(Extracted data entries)
++++

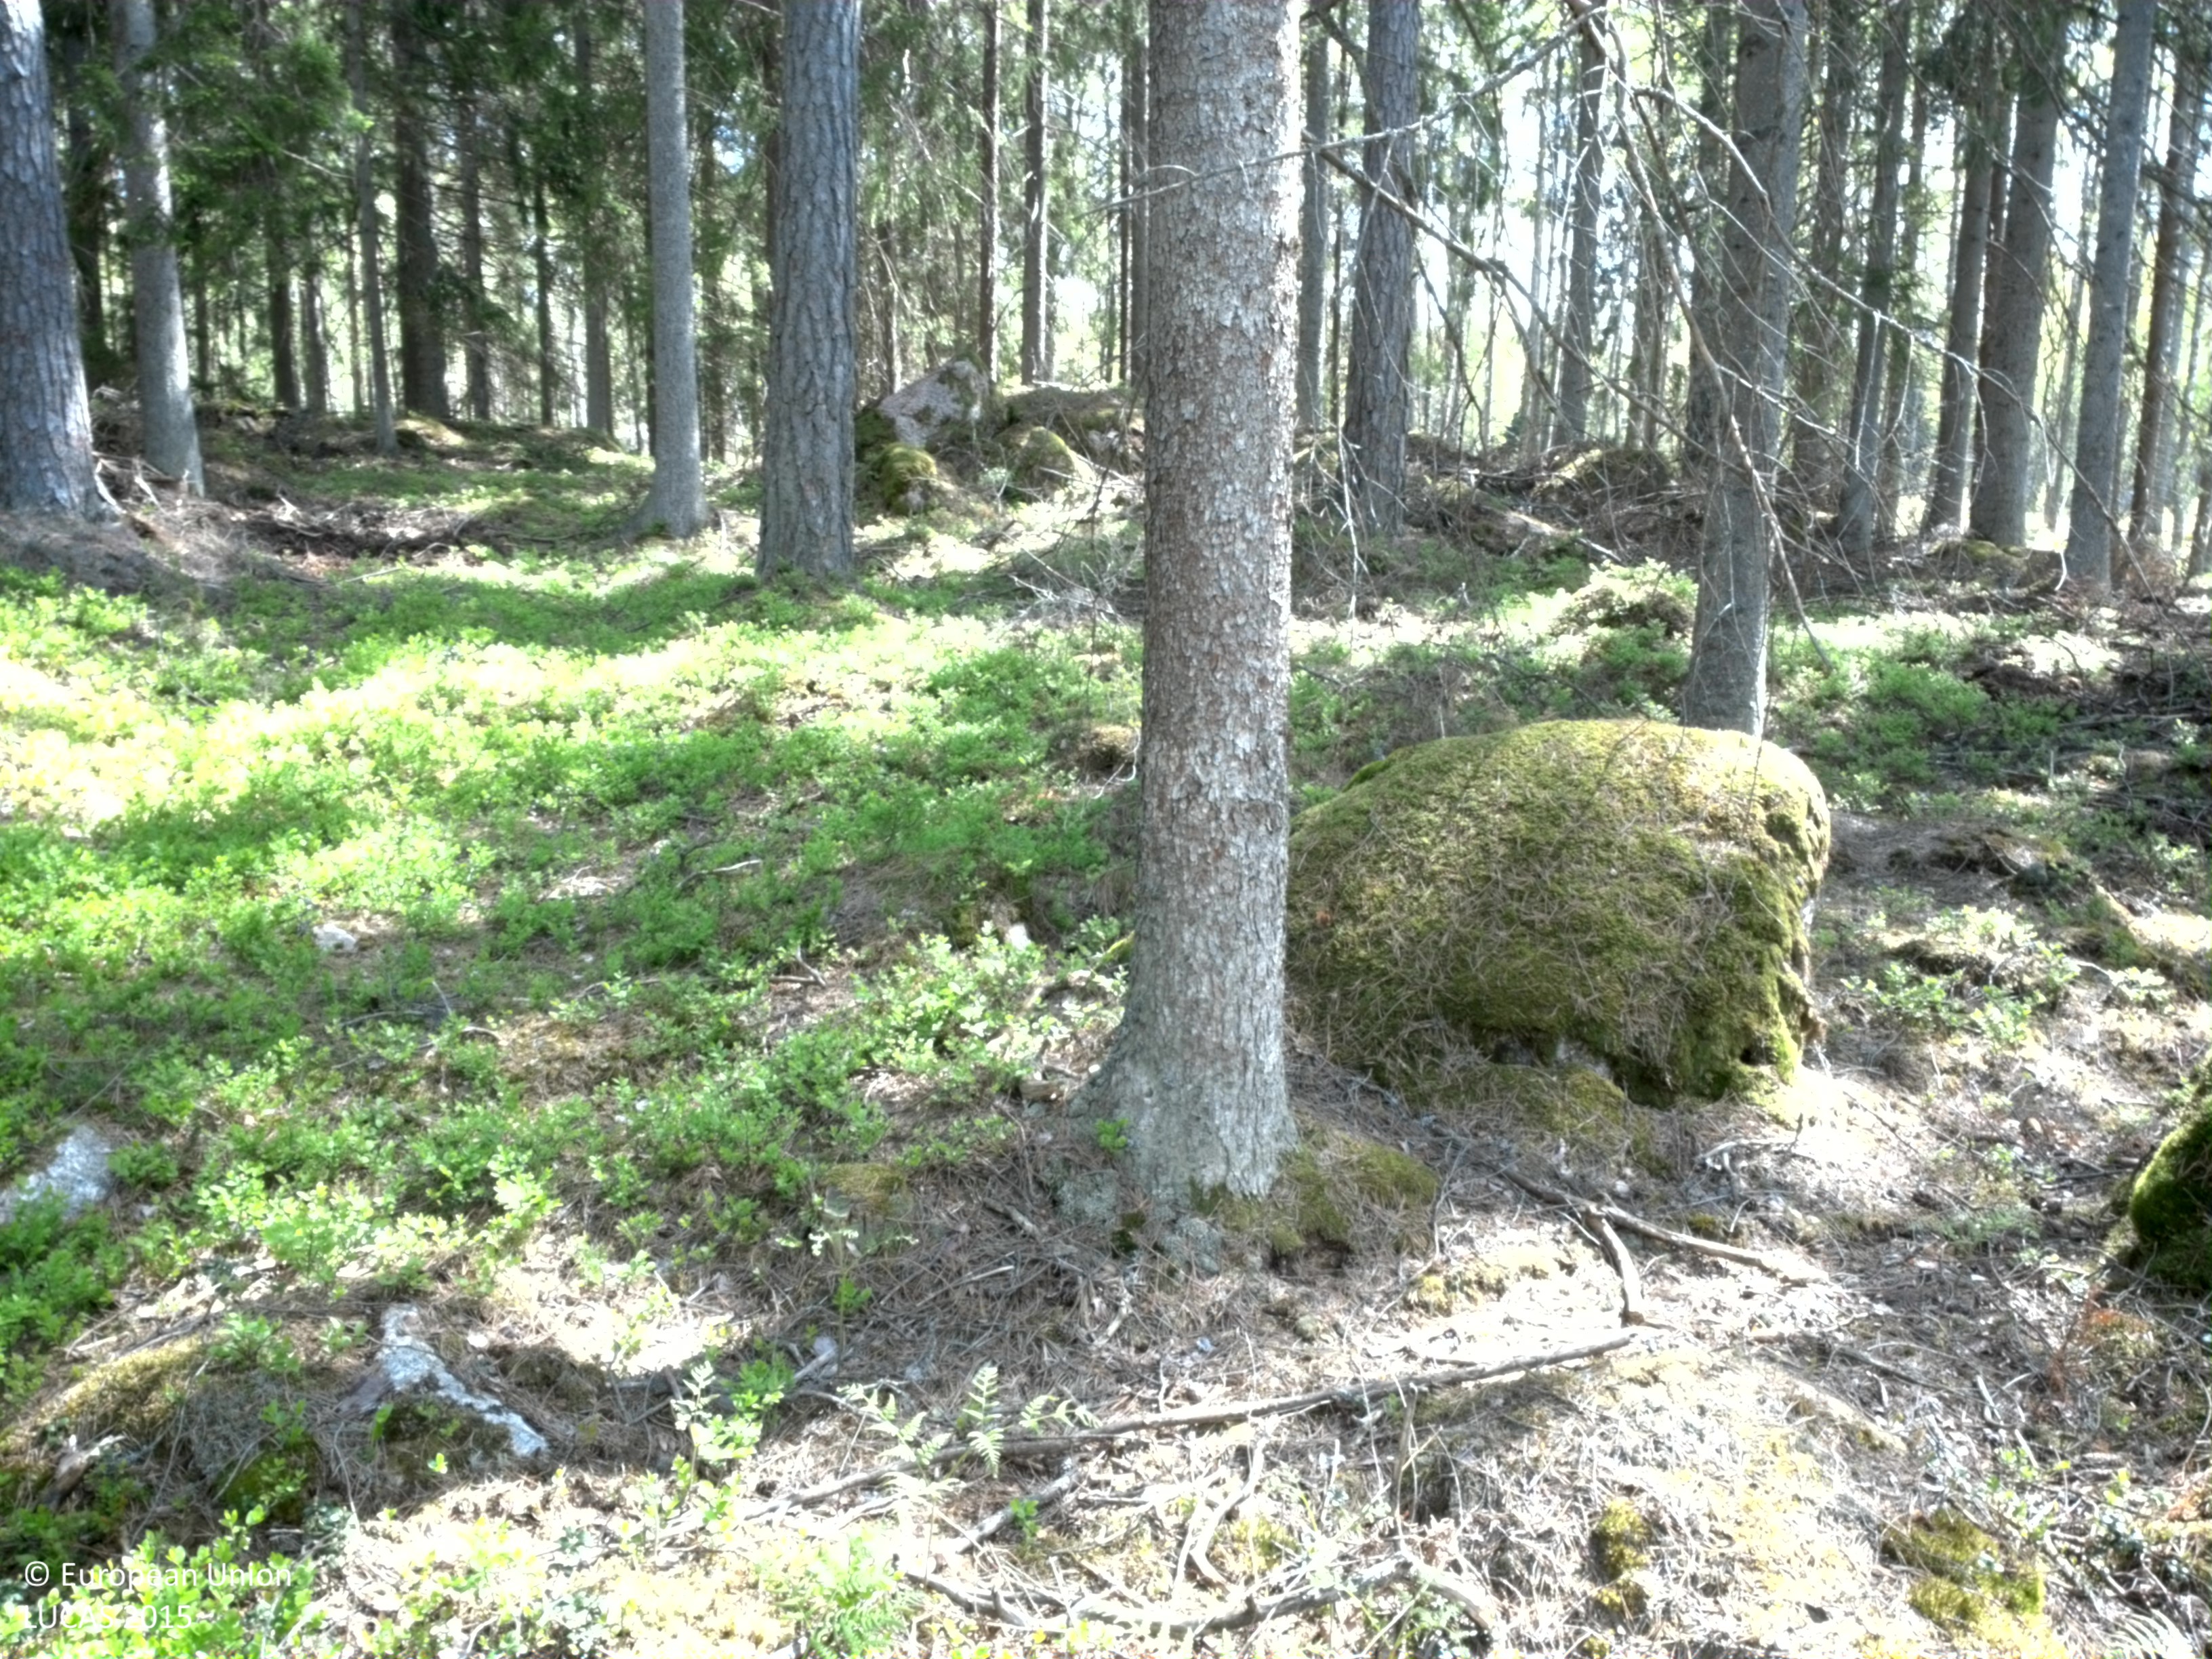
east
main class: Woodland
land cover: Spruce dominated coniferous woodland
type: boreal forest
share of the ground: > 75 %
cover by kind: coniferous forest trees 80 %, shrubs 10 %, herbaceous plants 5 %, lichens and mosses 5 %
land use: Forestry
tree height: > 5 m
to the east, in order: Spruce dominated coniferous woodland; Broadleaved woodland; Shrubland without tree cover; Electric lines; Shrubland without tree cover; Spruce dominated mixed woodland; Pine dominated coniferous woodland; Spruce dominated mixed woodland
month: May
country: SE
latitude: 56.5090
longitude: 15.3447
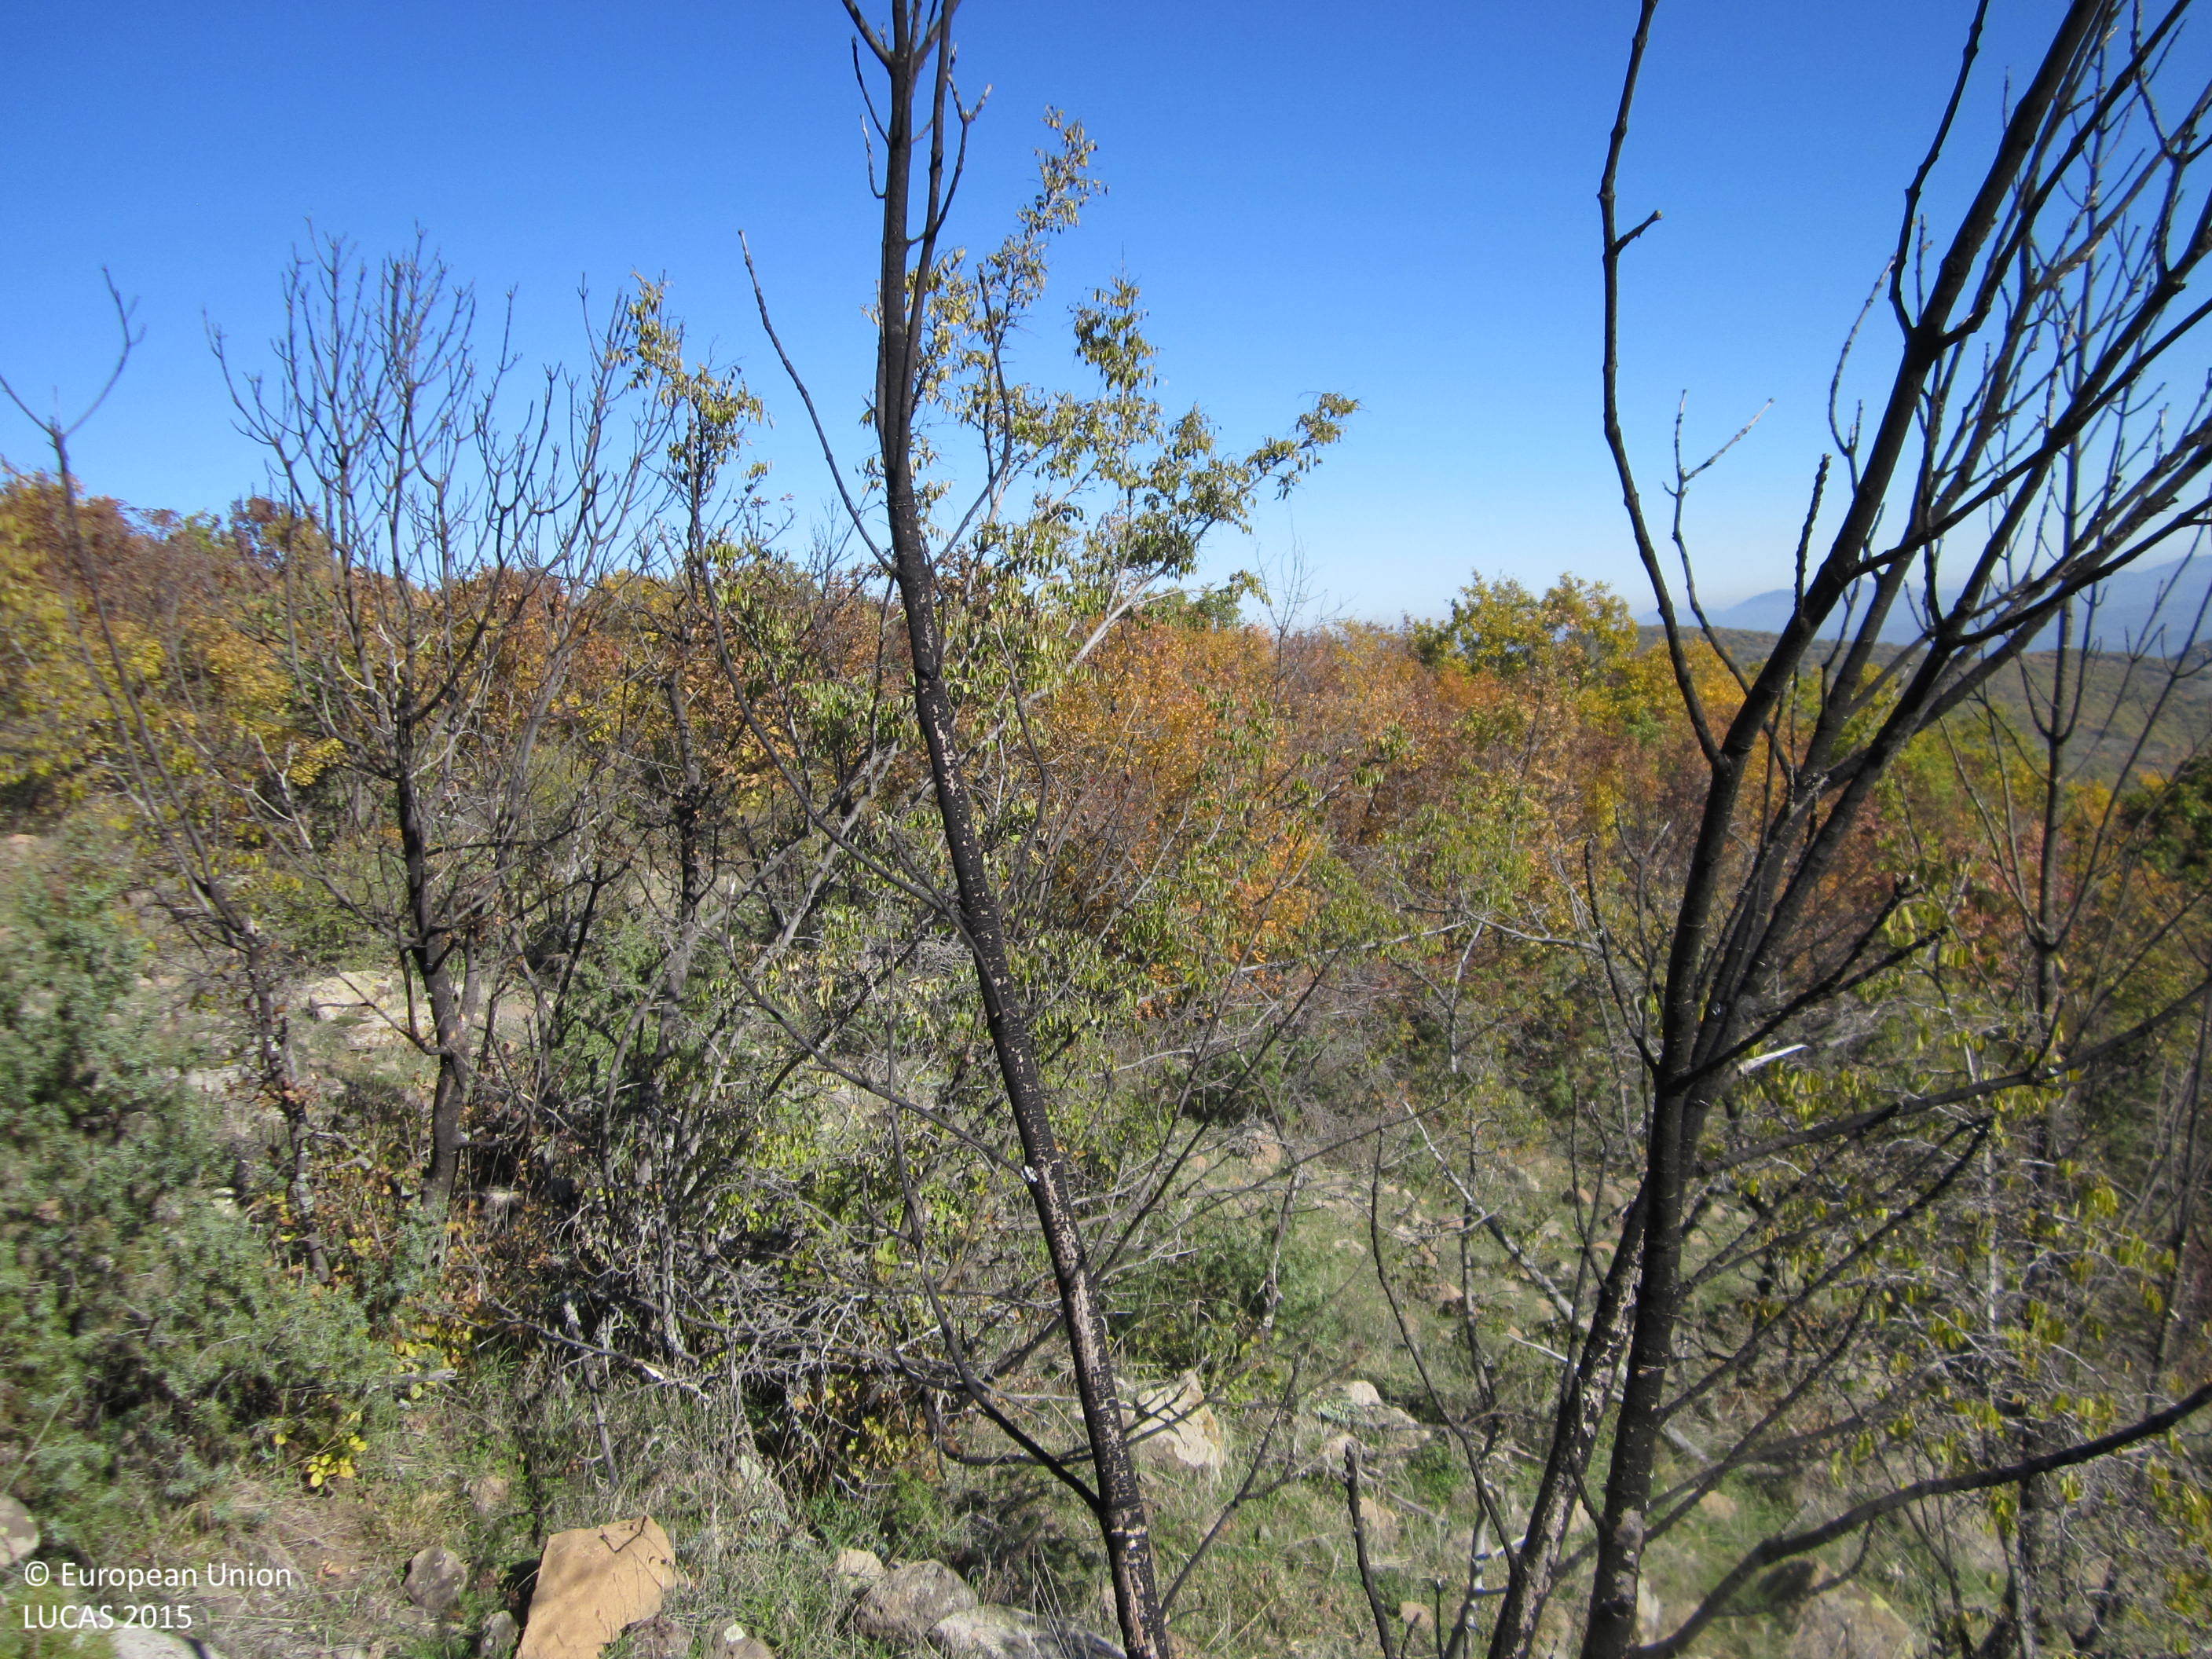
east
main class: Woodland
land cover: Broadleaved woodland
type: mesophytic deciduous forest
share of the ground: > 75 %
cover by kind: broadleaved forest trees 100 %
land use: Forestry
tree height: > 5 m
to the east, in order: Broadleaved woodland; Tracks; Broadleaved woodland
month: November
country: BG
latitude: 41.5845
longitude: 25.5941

++++

**Exercise details:** Without changing a word, retype the data above and omit its pictures.

**Written answer:**
east
main class: Woodland
land cover: Spruce dominated coniferous woodland
type: boreal forest
share of the ground: > 75 %
cover by kind: coniferous forest trees 80 %, shrubs 10 %, herbaceous plants 5 %, lichens and mosses 5 %
land use: Forestry
tree height: > 5 m
to the east, in order: Spruce dominated coniferous woodland; Broadleaved woodland; Shrubland without tree cover; Electric lines; Shrubland without tree cover; Spruce dominated mixed woodland; Pine dominated coniferous woodland; Spruce dominated mixed woodland
month: May
country: SE
latitude: 56.5090
longitude: 15.3447
east
main class: Woodland
land cover: Broadleaved woodland
type: mesophytic deciduous forest
share of the ground: > 75 %
cover by kind: broadleaved forest trees 100 %
land use: Forestry
tree height: > 5 m
to the east, in order: Broadleaved woodland; Tracks; Broadleaved woodland
month: November
country: BG
latitude: 41.5845
longitude: 25.5941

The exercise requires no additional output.